European Monetary Union may be the name, but one new game on the Continent's financial markets looks more like war than a unity march. The battle is over which of the European stock market indexes will become the new standard by which equity market performance is measured. The global titans of the business, from Dow Jones & Co. to Standard & Poor's Corp., a unit of The McGraw Hill Companies, which publishes BUSINESS WEEK, to London's Financial Times and Morgan Stanley Capital International are the contenders.
What's drawing them all into the fray is the prospect of earning fat fees for the use of their indexes for products such as index mutual funds and futures and options contracts sold by stock markets and banks. Typical fees run up to $100,000 per year for large users. The opportunities for new index products are rising fast with the launch of the euro, which is revolutionizing the way investors think about markets.
HIGH STAKES. European investors once largely confined their investments to their home countries, but now they can venture across borders without fear of foreign exchange losses. So they need the quick way of assessing performance around Europe that indexes provide. For example, they can measure how shares of Germany's Deutsche Bank and Holland's ABN Amro move not only against each other but also against European banks as a whole. Besides, integrated euro markets are attracting more U.S. institutional investors, who have long been index junkies. Already, index mutual funds, fast favorites in the U.S., are starting to appear in Europe.
The stakes are huge. Already, trading in derivatives based on Dow Jones's Euro Stoxx 50 index, the early leader, is growing fast. Dow Jones has allied itself with the German, French, and Swiss stock markets, where contracts based on its index are traded. The open interest in the contracts, a measure of market liquidity, is an impressive $4.5 billion already. Likewise, the FT went into partnership with the London Stock Exchange for its Eurotop 100 and related products under a FTSE International banner.

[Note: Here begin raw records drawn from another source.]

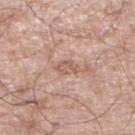Findings:
- workup — total-body-photography surveillance lesion; no biopsy
- lesion size — ~3 mm (longest diameter)
- subject — male, aged around 60
- image source — 15 mm crop, total-body photography
- location — the right lower leg
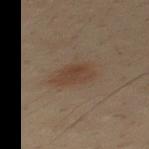The lesion was photographed on a routine skin check and not biopsied; there is no pathology result. Automated image analysis of the tile measured a lesion area of about 7 mm². It also reported a mean CIELAB color near L≈32 a*≈13 b*≈22 and a lesion–skin lightness drop of about 6. And it measured border irregularity of about 2.5 on a 0–10 scale, a within-lesion color-variation index near 2/10, and radial color variation of about 0.5. About 3.5 mm across. The tile uses cross-polarized illumination. A male subject, in their 30s. Located on the mid back. A close-up tile cropped from a whole-body skin photograph, about 15 mm across.
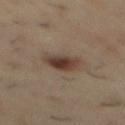No biopsy was performed on this lesion — it was imaged during a full skin examination and was not determined to be concerning. This image is a 15 mm lesion crop taken from a total-body photograph. The patient is a male in their mid- to late 50s. On the mid back.
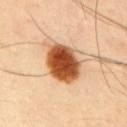biopsy_status: not biopsied; imaged during a skin examination
patient:
  sex: male
  age_approx: 50
image:
  source: total-body photography crop
  field_of_view_mm: 15
site: upper back
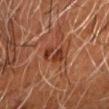Findings:
- biopsy status — total-body-photography surveillance lesion; no biopsy
- subject — male, aged 58–62
- location — the head or neck
- image — ~15 mm crop, total-body skin-cancer survey
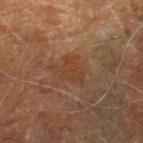Image and clinical context:
The lesion is located on the leg. A male subject, approximately 70 years of age. Cropped from a total-body skin-imaging series; the visible field is about 15 mm. Captured under cross-polarized illumination. Automated tile analysis of the lesion measured a mean CIELAB color near L≈40 a*≈20 b*≈31, a lesion–skin lightness drop of about 5, and a lesion-to-skin contrast of about 5 (normalized; higher = more distinct).
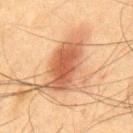biopsy status = total-body-photography surveillance lesion; no biopsy
image = 15 mm crop, total-body photography
subject = male, roughly 45 years of age
body site = the mid back
lesion size = about 9 mm

The Dow's fast start in Europe is in sharp contrast to what happened in the U.S. For decades, it refused to license its 30-stock Dow Jones industrial average, allowing the Standard & Poor's 500-stock index to take a big piece of the market. In Europe, S&P started off slowly. But it is now negotiating with big institutions to trade contracts based on its broadly-based Euro Plus index. "Clearly we're not the first in Europe" concedes Elliot Shurgin, vice-president of operations at S&P Index Services, "but we have taken a disciplined approach."
S&P plans a major counterattack by the end of June by launching an exchange traded fund similar to S&P Depositary Receipts, based on the S&P 500 index, that are heavily traded on the American Stock Exchange. The SPDR-based products will be based on the Euro Plus or the narrower Euro Index and could become a major market factor if they attract as much investor interest as the U.S. SPDRs themselves. S&P also plans a Global 1200 index, that melds the S&P 500 with 700 world stocks.
Other rivals aren't sitting still. On Jan 27, MSCI whose Euro index has been the dominant benchmark in Europe, launched two new indexes that will be the basis for futures trading on the London International Financial Futures & Options Exchange beginning in May. Just five days earlier, FTSE International announced three new European indexes with derivative products. "There is going to be a tough battle ahead," says Suzanne Jackson, MSCI's director of global marketing.
Staying the course is important, because there may be several winners. Different market players need different indexes. Some investors want a narrow-gauge index with fewer stocks tracking specific market segments or industries. Others prefer a broad index that's a better meter of performance of larger mutual funds.
Meanwhile, the market could make a quantum leap, shortly. European investors are likely to soon discover the joys and higher returns of investing in no-load index mutual funds. Such funds have fast become the rage among American investors. The index outfit that gets the lion's share of that market will be a real money spinner. So the battle of the euro indexes has only begun.